Net result - you can copy the music, within the limits of the license, and just write the copyright holder a check.

Most music copyrights are managed through clearing houses - the two biggest are ASCAP and BMI. If the music is licensed through either of them, then it really is as simple as filling in a form and writing a check.

A fairly large check, IIRC. (I used to do artwork with music lyrics. IIRC the licensing fees started at $250/song)

So - find out who the copyright clearing house is and check their website.

Buying six copies of the CD is easier.

Philo

Philo
Tuesday, June 01, 2004

Thanks for the advice.  Can't buy six copies of the CD, because the songs are all from different CDs.

$250 per song?  I thought that royalties are payed per copy of the song, not at some flat rate.

Miss Prissy
Tuesday, June 01, 2004

"ask permission from the artists :)"

IANAL, but I would guess this isn't sufficient.  Often (usually?) the artists don't own the rights to the recording; the record company does.

musicsucks
Tuesday, June 01, 2004

Move to Canada :)

.
Tuesday, June 01, 2004

Here's your options:

-Buy the CDs, one for each song on the compilation, per employee you're distributing this out to.

-Attempt to buy each single track individually from one of the online services (your legal Napsters and whatnot), six times, making sure that the licensing agreements allow for redistribution onto CDs.

-Pirate the songs

-Give up


Is it really worth all this effort?  I recommend you give up.

pds
Tuesday, June 01, 2004

"Thanks for the advice.  Can't buy six copies of the CD, because the songs are all from different CDs."

I'd have to second the idea of using an online music store like iTunes since there's likely one (iTunes?) that will give you the option of burning your purchased music onto a CD.

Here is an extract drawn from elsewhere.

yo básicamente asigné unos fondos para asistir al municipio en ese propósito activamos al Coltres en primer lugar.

I've never purchased music online before, but this approach sounds cheaper than buying (6 x # of songs) CDs.

a
Tuesday, June 01, 2004

$0.99 per song on iTunes (if the song is available)

Brian
Tuesday, June 01, 2004

If you need to make pirated music legal why pirate at all?

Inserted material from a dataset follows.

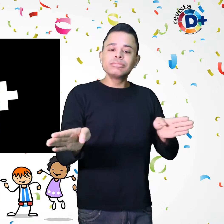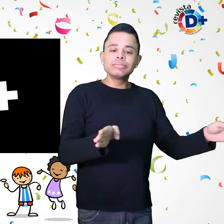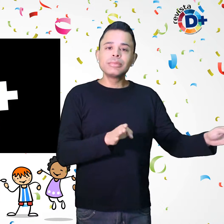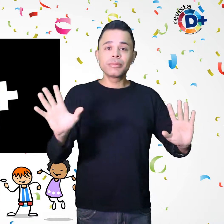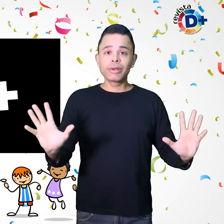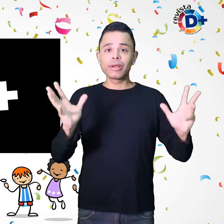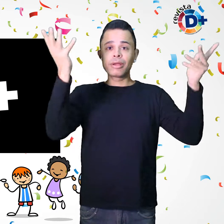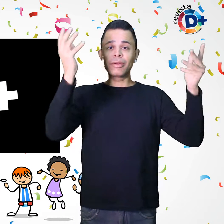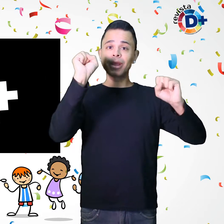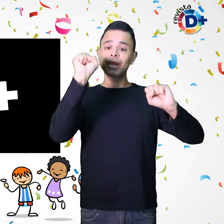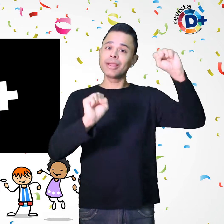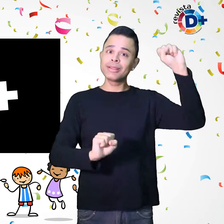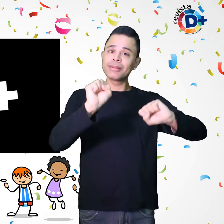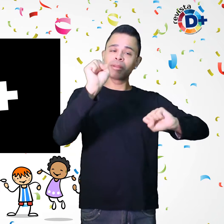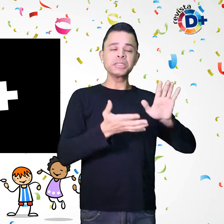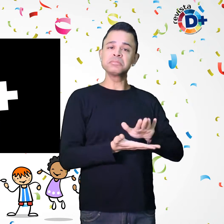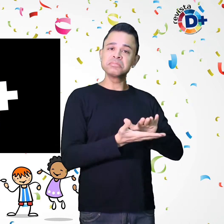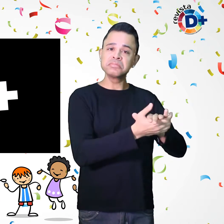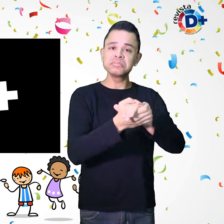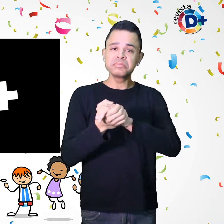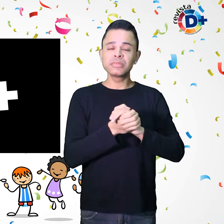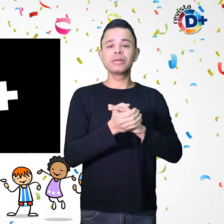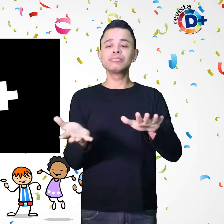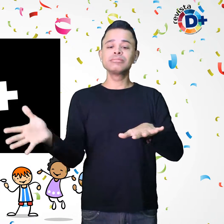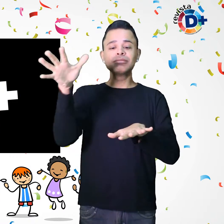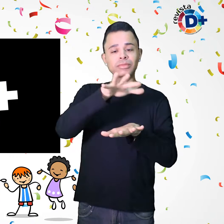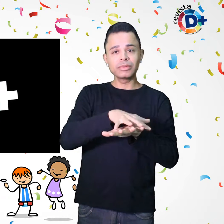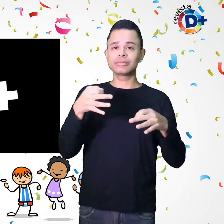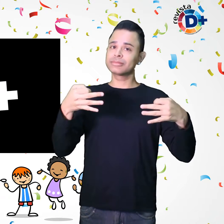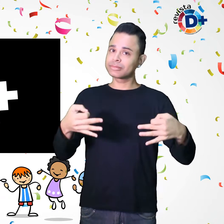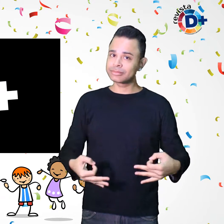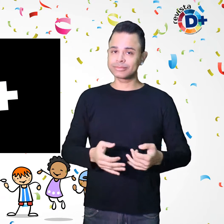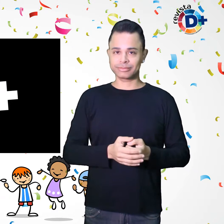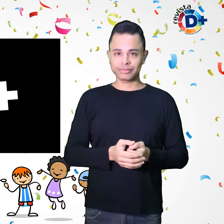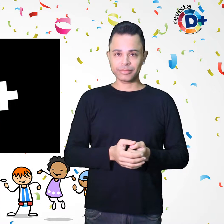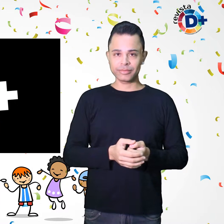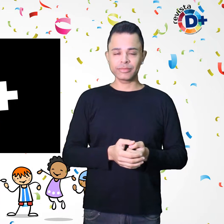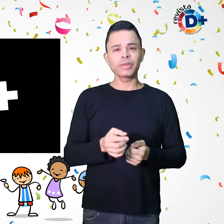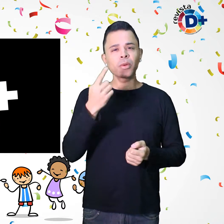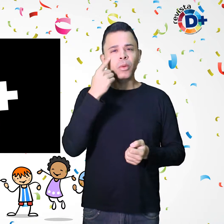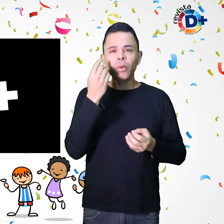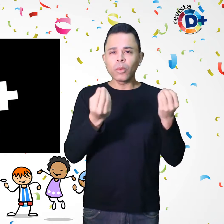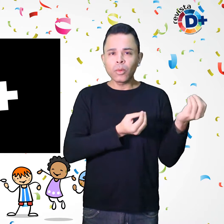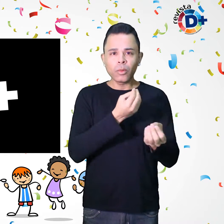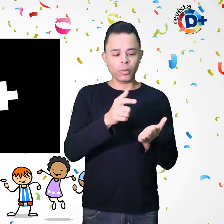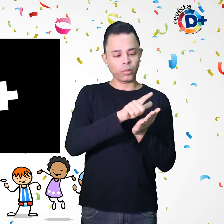acessibilidade e inclusão. Confira na íntegra Guia de Acessibilidade em Eventos

I used to work for a company that would deliver background music for companiesn. From evelvator muscic to rap music.

Such companies could provide you with all the music you need with out bodering about details.

Somorone
Tuesday, June 01, 2004

Having copies of music and film is not illegal; distributing is. Technically, the public playing of "legally obtained" music is illegal.

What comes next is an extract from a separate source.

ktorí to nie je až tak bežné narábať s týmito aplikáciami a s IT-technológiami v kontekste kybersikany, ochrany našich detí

Check the FBI warning at the beginning of any recorded film on VHS or DVD.

anonanon
Tuesday, June 01, 2004

I think the recommendations to use I-Tunes are probably a good, safe bet.  I-Tunes does let you burn your purchased music to disc.  As long as you payed for it, there is nothing stopping you from giving it as a gift to someone else.

Now the caveat there is that as soon as you give it to another party, you are legally required to dipose of any copies you may have -- meaning in this case deleting it from your hard disk.  Of course it only refers to the particular instance that you gave away...if you purchased 3 of the same item and gave away 2, you can still keep 1 for yourself.

Joe
Tuesday, June 01, 2004

Send six bucks to the artist (NOT the record company) and ask for permission. That's more than they would make if you bought them all new.

fool for python
Tuesday, June 01, 2004

Put the CD (or CDs, if the songs are spread out over separate CDs) into drives and share them over the network?

i like i
Wednesday, June 02, 2004

"Send six bucks to the artist (NOT the record company)"

I am assuming that is for artists that didn't sell distribution rights to a record company, right?

Just me (Sir to you)
Wednesday, June 02, 2004

Use the russian service allofmp3.com. They say they're legal, and they're cheap.

I believe I can fry
Wednesday, June 02, 2004

"I am assuming that is for artists that didn't sell distribution rights to a record company, right?"

Yes, that's correct, for which she'd be lucky to make a buck each.

I'd prefer to send my money directly to the artist but they don't make it easy enough. I'd happily donate a buck for every *used* CD that I've bought (and will buy) if it were easy enough. Everybody happy...except the theives in the middle.